Electronic Journal of Differential Equations,
Vol. 2014 (2014), No. 03, pp. 1-10.
Title: Bifurcation from intervals for Sturm-Liouville problems and its applications
Authors: Guowei Dai (Northwest Normal Univ., Lanzhou, China)
Ruyun Ma (Northwest Normal Univ., Lanzhou, China)
Abstract:
We study the unilateral global bifurcation for the nonlinear
Sturm-Liouville problem
$$\displaylines{
-(pu')'+qu=\lambda au+af(x,u,u',\lambda)+g(x,u,u',\lambda)\quad x\in(0,1),\cr
b_0u(0)+c_0u'(0)=0,\quad b_1u(1)+c_1u'(1)=0,
}$$
where $a\in C([0, 1], [0,+\infty))$ and $a(x)\not\equiv 0$ on any subinterval
of $[0, 1]$, $f,g\in C([0,1]\times\mathbb{R}^3,\mathbb{R})$ and f is
not necessarily differentiable at the origin or infinity with respect to u.
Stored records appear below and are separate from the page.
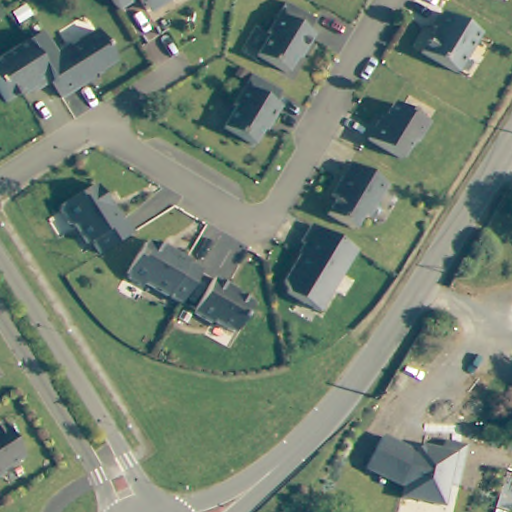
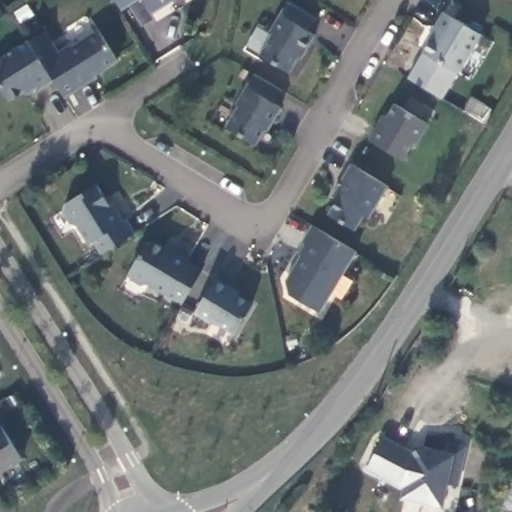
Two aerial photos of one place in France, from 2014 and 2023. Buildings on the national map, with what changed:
unchanged [(113,0),(130,0),(118,8),(113,0)]
unchanged [(155,7),(154,4),(147,9),(140,0),(167,0),(155,7)]
unchanged [(271,33),(268,32),(285,4),(314,21),(306,33),(312,37),(298,60),(295,58),(287,72),(258,54),(271,33)]
unchanged [(438,29),(435,27),(445,12),(481,35),(459,72),(424,52),(438,29)]
unchanged [(54,52),(68,43),(70,45),(95,28),(114,59),(89,77),(90,78),(77,86),(54,52)]
unchanged [(56,78),(41,89),(37,84),(13,100),(7,92),(0,97),(0,62),(32,40),(56,78)]
unchanged [(236,107),(233,106),(252,74),(280,91),(272,103),(279,108),(265,132),(262,130),(253,146),(224,127),(236,107)]
unchanged [(378,112),(381,114),(390,100),(424,121),(411,141),(407,139),(397,157),(364,137),(378,112)]
unchanged [(334,199),(329,195),(347,165),(384,187),(363,220),(358,217),(350,229),(324,214),(334,199)]
unchanged [(60,211),(62,204),(93,184),(120,222),(122,221),(132,235),(101,255),(92,242),(88,245),(75,227),(71,225),(60,211)]
unchanged [(286,278),(309,242),(304,239),(314,223),(357,250),(320,310),(289,291),(286,278)]
unchanged [(124,267),(140,239),(146,237),(166,248),(167,246),(184,255),(182,258),(196,265),(176,298),(142,278),(135,280),(124,273),(124,267)]
unchanged [(214,279),(238,293),(236,296),(252,305),(234,334),(213,321),(211,323),(193,313),(214,279)]
unchanged [(0,473),(0,432),(19,460),(0,473)]
unchanged [(415,454),(424,450),(447,454),(449,444),(468,448),(458,486),(449,484),(443,506),(405,500),(407,489),(402,488),(369,470),(386,439),(415,454)]

Some applications are given to nonlinear second-order two-point boundary-value
problems. This article is a continuation of [8].
Submitted September 8, 2013. Published January 03, 2014.
Math Subject Classifications: 34B24, 34C10, 34C23.
Key Words: Global bifurcation; nodal solutions; eigenvalues.